Archives For Safety

The practice of safety engineering in various high consequence industries.

About time I hear you say!🙂

Yes I’ve just rewritten a post on functional failure taxonomies to include how to use them to gauge the completeness of your analysis. This came out of a question I was asked in a workshop that went something like, ‘Ok mr big-shot consultant tell us, exactly how do we validate that our analysis is complete?’. That’s actually a fair question, standards like EUROCONTROL’s SAM Handbook and ARP 4761 tell you you ought to, but are not that helpful in the how to do it department. Hence this post.

Using a taxonomy to determine the coverage of the analysis is one approach to determining completeness. The other is to perform at least two analyses using different techniques and then compare the overlap of hazards using a capture/recapture technique. If there’s a high degree of overlap you can be confident there’s only a small hidden population of hazards as yet unidentified. If there’s a very low overlap, you may have a problem.


The 15 commandments of the god  of the machine

Herewith, are the 15 commandments for thine safety critical software as spoken by the machine god unto his prophet Kopetz.

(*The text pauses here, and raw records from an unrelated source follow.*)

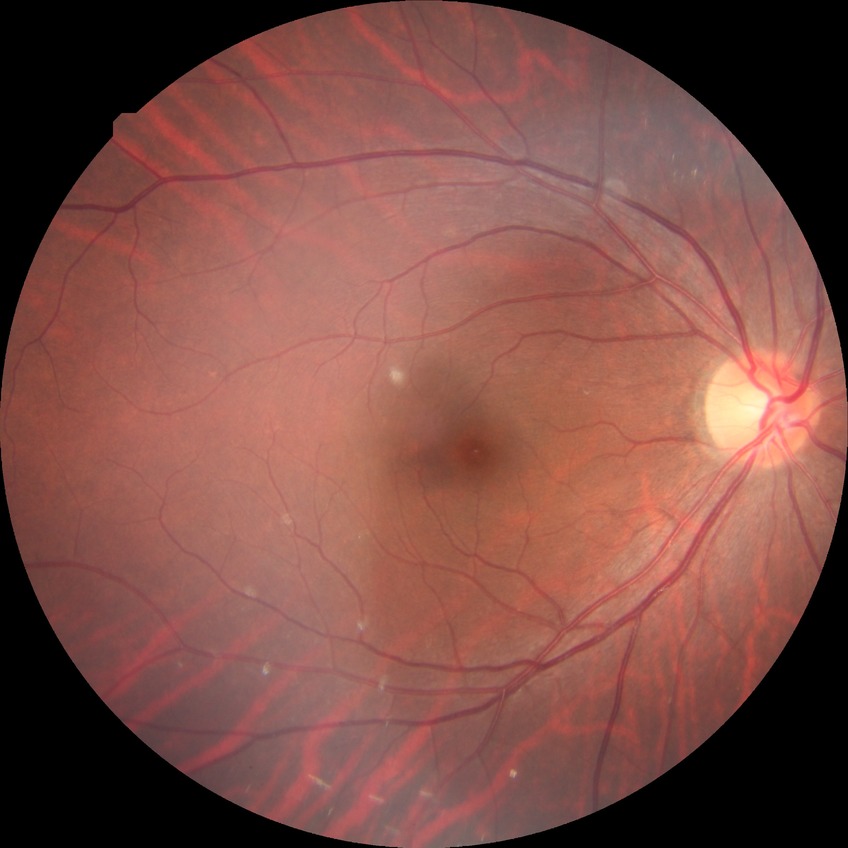

No signs of diabetic retinopathy. DR stage is NDR.
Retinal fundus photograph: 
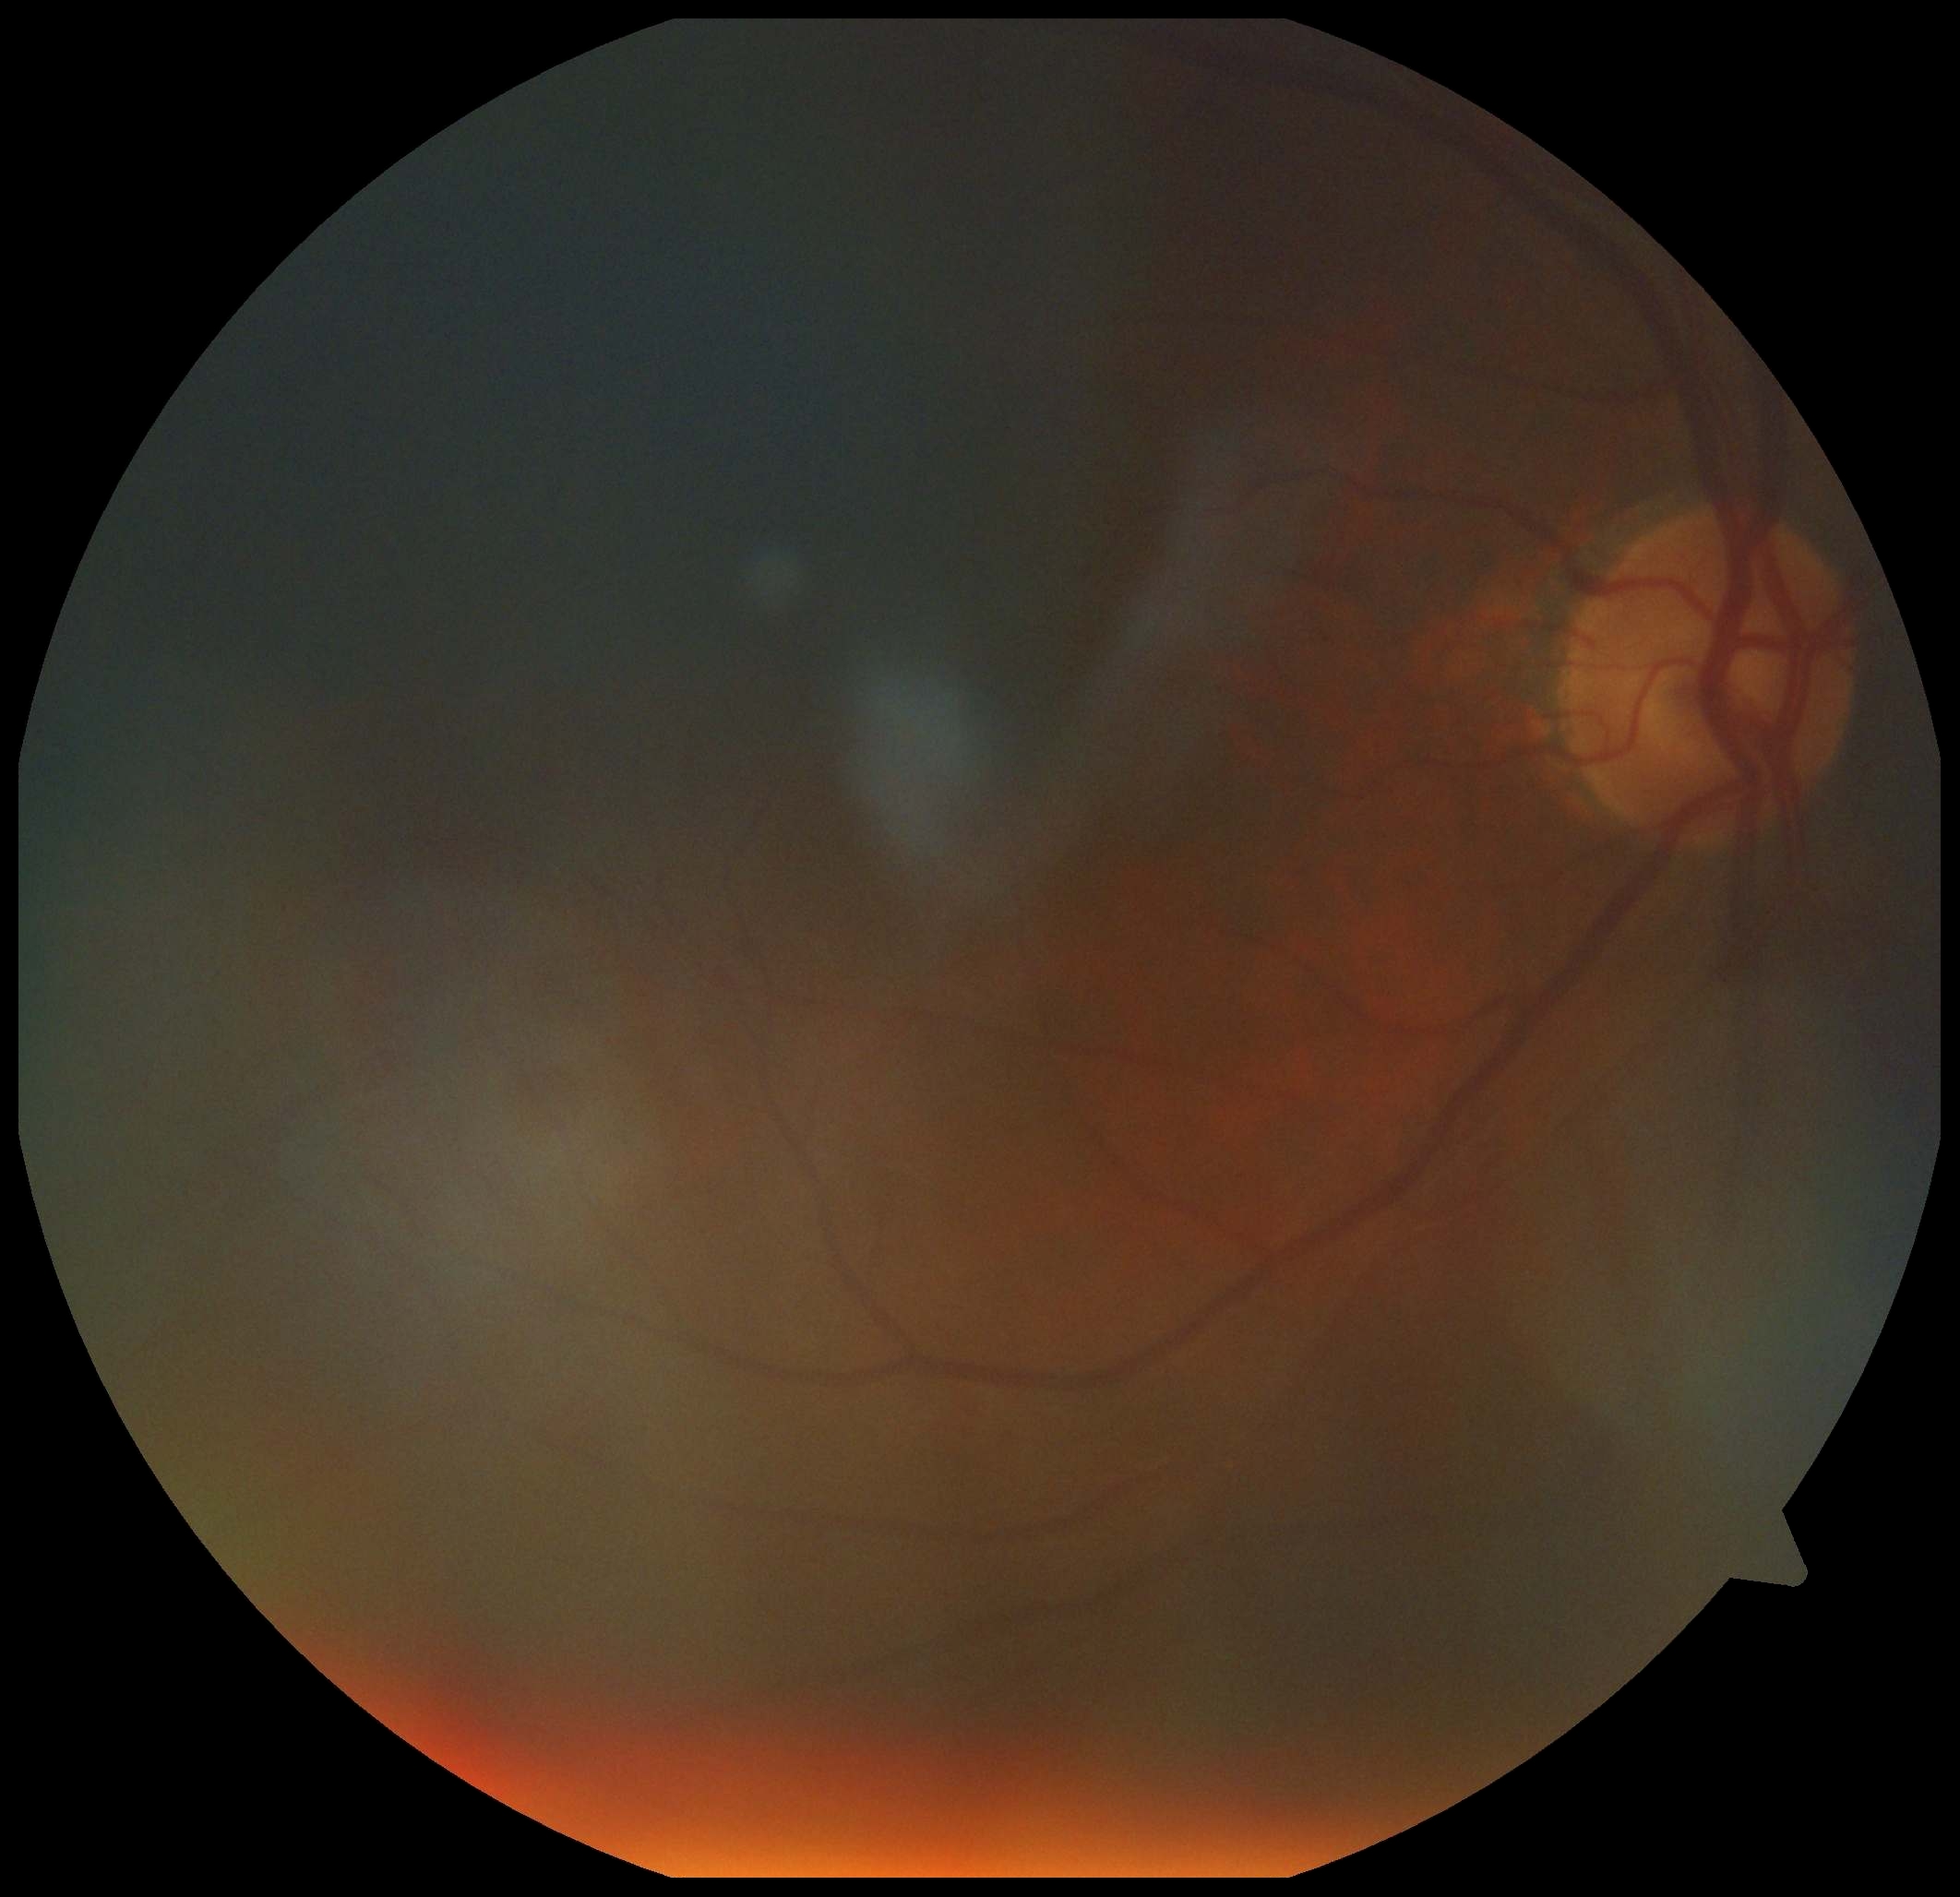

DR is ungradable due to poor image quality. Quality too poor to assess for DR.
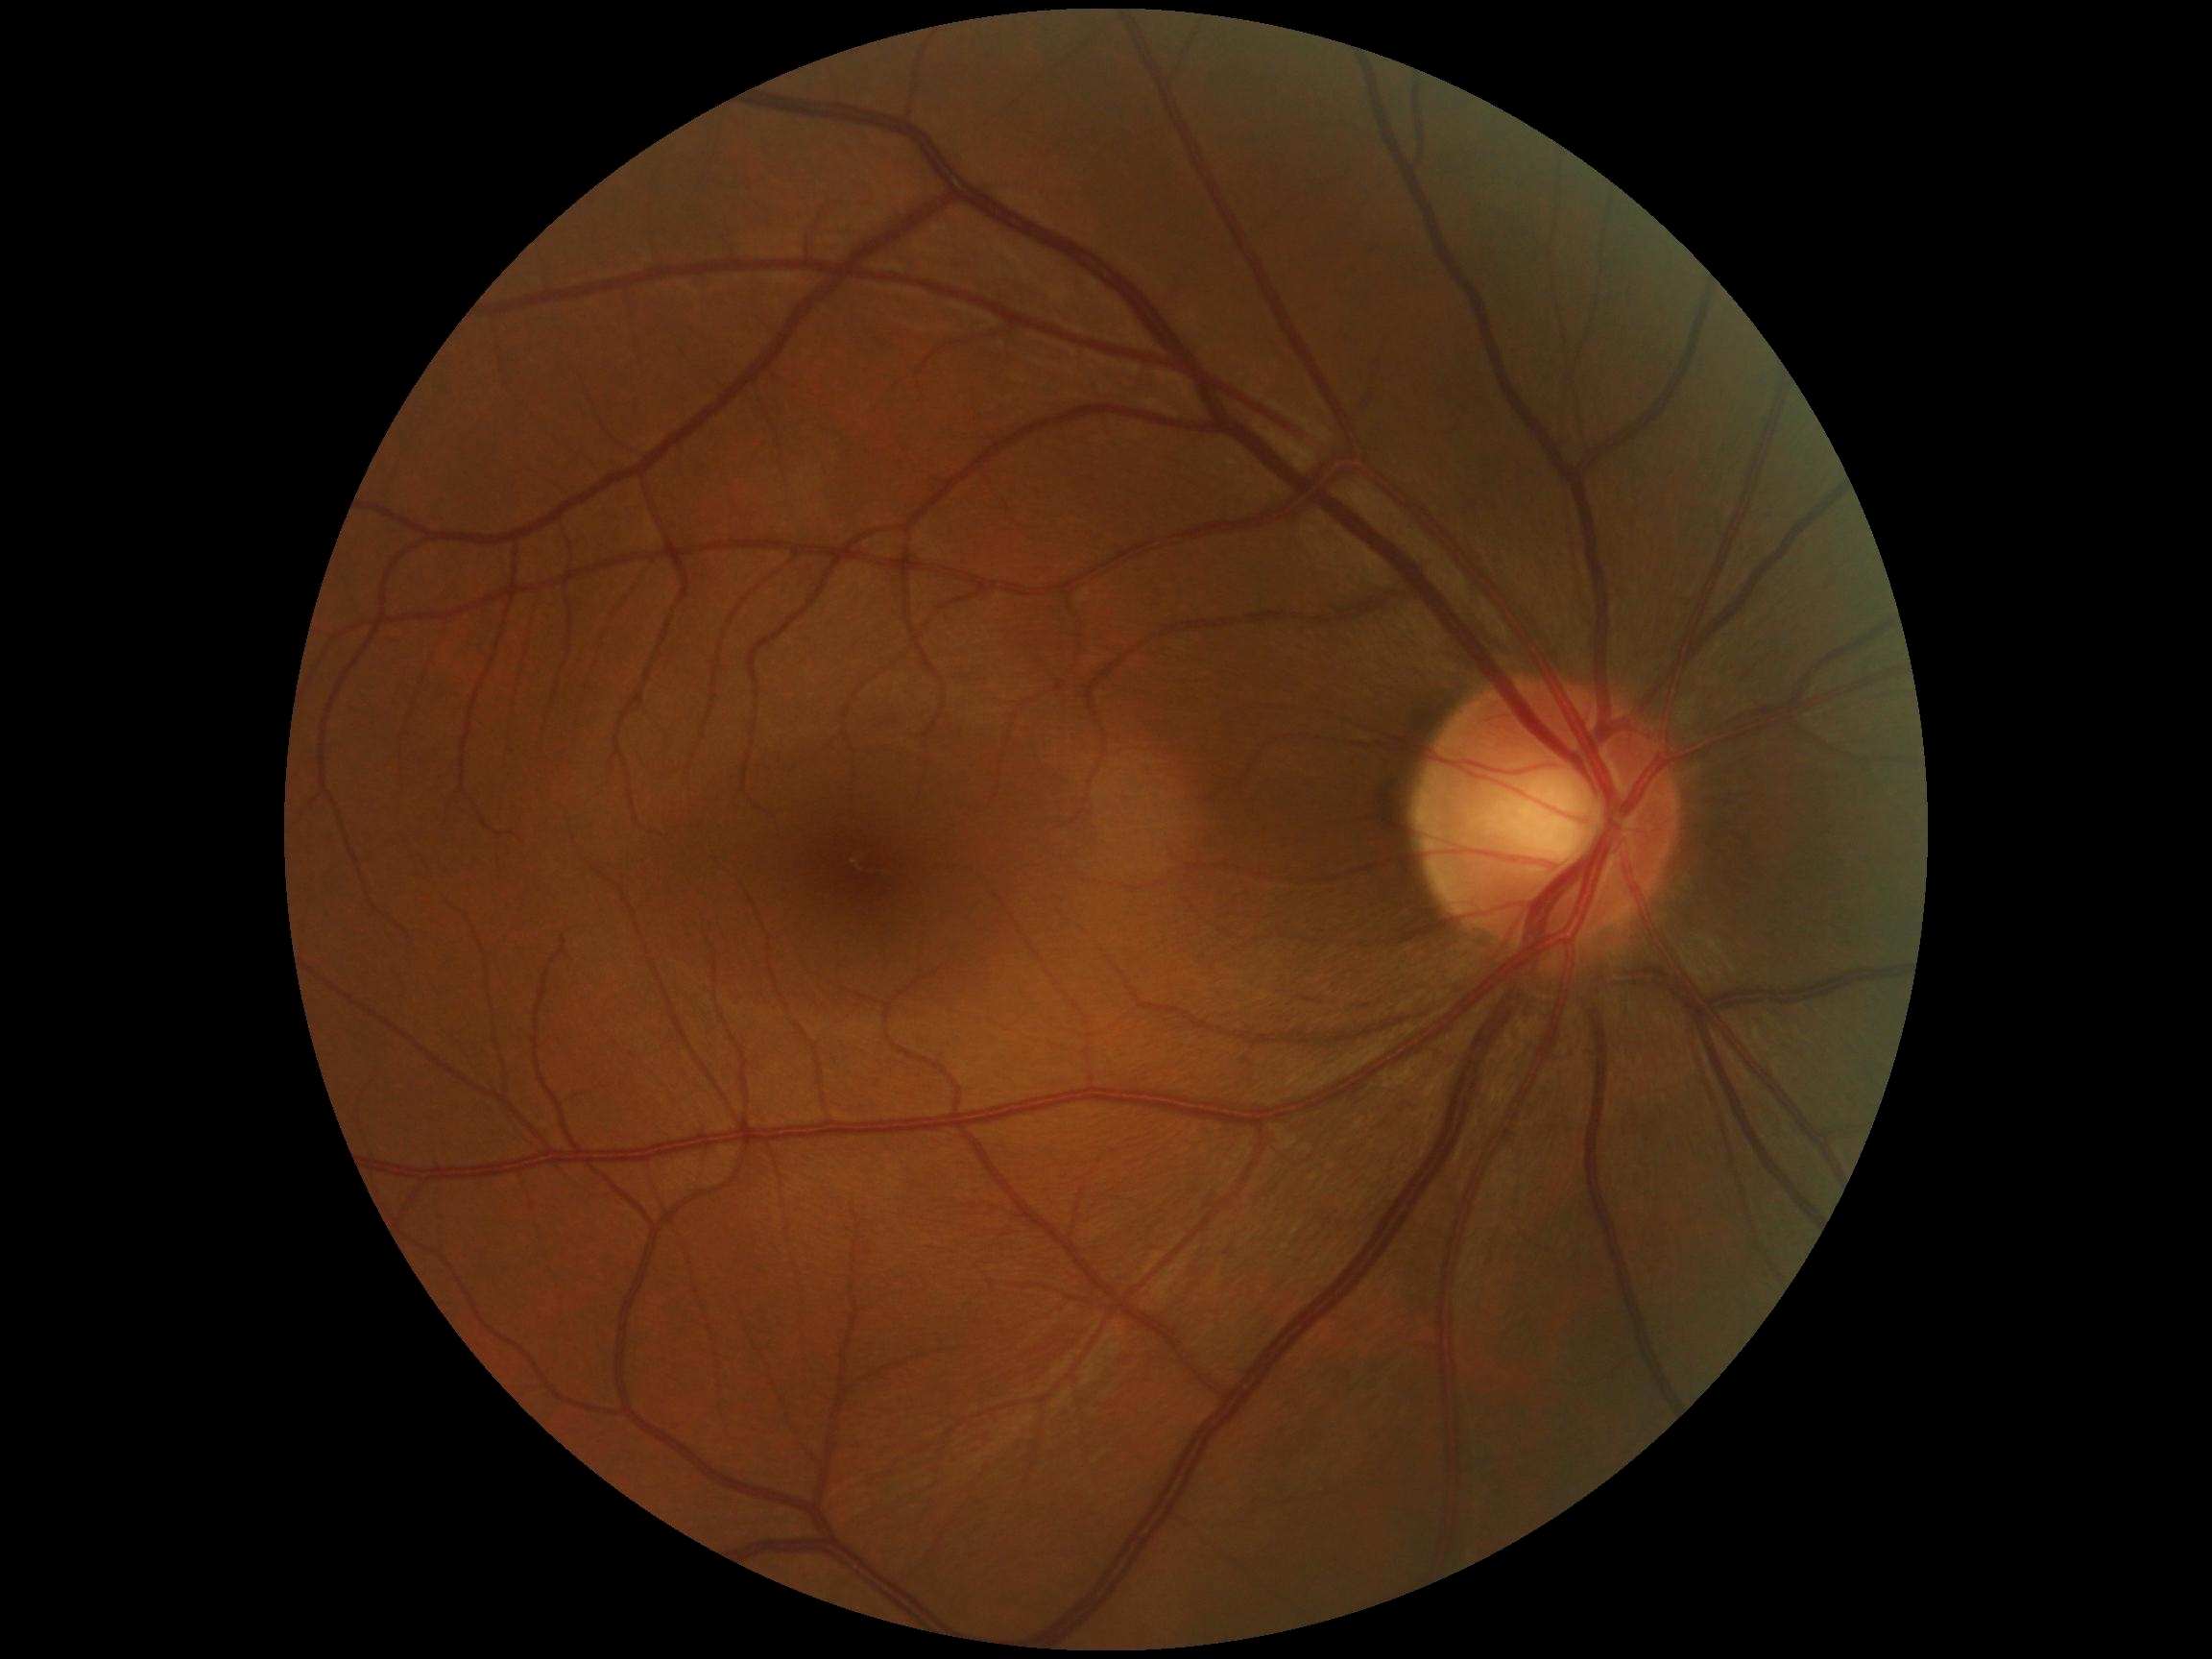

  1. Thou shalt regard the system safety case as thy tabernacle of safety and derive thine critical software failure modes and requirements from it.
  2. Thou shalt adopt a fundamentally safe architecture and define thy fault tolerance hypothesis as part of this. Even unto the definition of fault containment regions, their modes of failure and likelihood.
  3. Thine fault tolerance shall include start-up operating and shutdown states
  4. Thine system shall be partitioned to ‘divide and conquer’ the design. Yea such partitioning shall include the precise specification of component interfaces by time and value such that  all manner of men shall comprehend them
  5. Thine project team shall develop a consistent model of time and state for even unto the concept of states and fault recovery by voting is the definition of time important.
  6. Yea even though thou hast selected a safety architecture pleasing to the lord, yet it is but a house built upon the sand, if no ‘programming in the small’ error detection and fault recovery is provided.
  7. Thou shall ensure that errors are contained and do not propagate through the system for a error idly propagated  to a service interface is displeasing to the lord god of safety and invalidates your righteous claims of independence.
  8. Thou shall ensure independent channels and components do not have common mode failures for it is said that homogenous redundant channels protect only from random hardware failures  neither from the common external cause such as EMI or power loss, nor from the common software design fault.
  9. Thine voting software shall follow the self-confidence principle for it is said that if the self-confidence principle is observed then a correct FCR will always make the correct decision under the assumption of a single faulty FCR, and only a faulty FCR will make false decisions.
  10. Thou shall hide and separate thy fault-tolerance mechanisms so that they do not introduce fear, doubt and further design errors unto the developers of the application code.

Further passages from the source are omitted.